In 2018, 'Maydayterraneo-Aita Mari' managed to raise the necessary funds to purchase and equip its own rescue ship, the Aita Mari.

This ship, under the Spanish flag, was originally a purse-seine fishing vessel (Stella Maris Berria) of the Cantabrian fleet, based in Getaria (Guipúzcoa), built in 2001, 32 meters in length and 7 meters beam. For rescue work, she has two 6m semi-rigid boats and substantial recovery equipment, as well as rescue rafts with capacity for 150 people.

She is also equipped with a health area equipped with emergency assistance and advanced life support technology. Her crew is made up of 16 people: deck and engine officers, deck and engine sailors, cook, medical, sanitary and rescue personnel, and a media team.

The ship was named in honor of José María Zubía Cigarán (Aita Mari). This sailor from Gipuzkoa was recognized for his courage by never hesitating to jump into the sea and rescue those in distress.

Among all the attendees there was one who did not settle for the passive response from the majority, and calling his people, he got on a small boat and left the dock with the intention of helping the shipwrecked. It was José María Zubia, 'Mari', who was seen appearing and disappearing with his boat while he controlled the rudder directing the four men who handled the oars

-Javier Sada.

He died carrying out a rescue in January 1866. In the port in San Sebastián, there is a bust in his honor.

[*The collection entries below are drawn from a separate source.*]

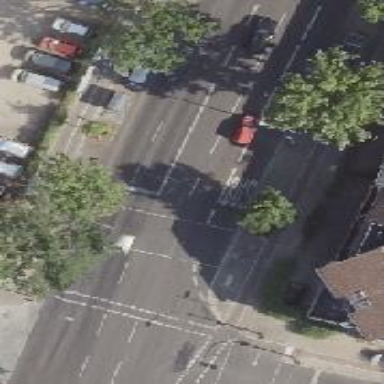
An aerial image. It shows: Road with traffic signals controlling the flow of traffic.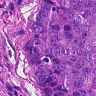
Metastatic tissue present: yes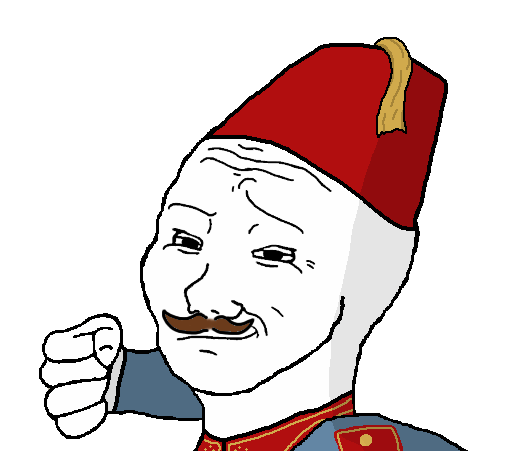
Label: 5_Smugjak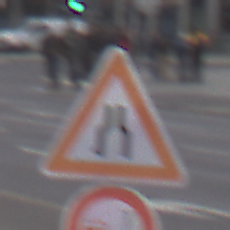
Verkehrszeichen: VerengteFahrbahn
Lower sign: VerbotUeberholenEinspurigeFahrzeuge
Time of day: MorningAfternoon
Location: Outdoor (Urban)
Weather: Overcast
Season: NotSpecified
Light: Natural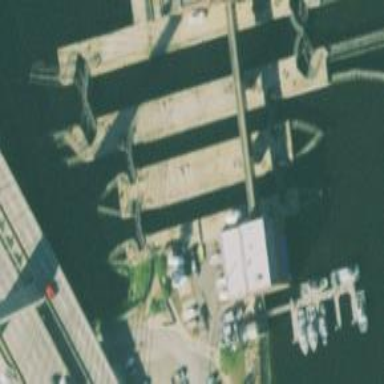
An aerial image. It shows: Bridge supported by pivot pier.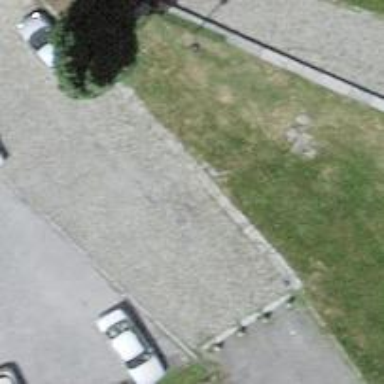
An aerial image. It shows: Bollard.

By early 2024, the ship had sailed on 12 rescue missions, with the most recent saving 43 people from Egypt, Sudan and Bangladesh.

==Financing==
Salvamento Marítimo Humanitario is a non-profit association and is financed in four ways: annual contributions from its members, one-off anonymous donations from individuals and companies, solidarity events and emergency aid funds from town halls, councils and regional governments.

The Basque Government contributed financially to the purchase and remodeling of the Aita Mari. As Jonan Fernández, General Secretary for Human Rights, Coexistence and Cooperation of the Basque Government explained on 7 June 2018 at a press conference in San Sebastián, this ship "will represent the commitment to action and solidarity of Basque society in the midst from a sea of lack of solidarity and injustice".

He underlined in that act that this collaboration is part of his Government's Plan for Coexistence and Human Rights for 2017–2020 because “the actions of a government such as the Basque must try, with all modesty, but with all determination, to join forces in the international arena to defend respect for human rights”.

==Acknowledgments==
In 2016, Salvamento Marítimo Humanitario received the René Cassin Peace and Coexistence Prize awarded each year by the Basque Government.

The same year the organisation was recognized with the solidarity Heart and Passport without Borders award granted by the Gipuzkoa Provincial Council.

In 2017, Salvamento Marítimo Humanitario was awarded the Lion Heart by the Lions Clubs organization.

In 2018, the association received the Solidarity at Sea Award jointly awarded by the Ruiz-Gálvez law firm and the Spanish Maritime Institute (Instituto Marítimo Español).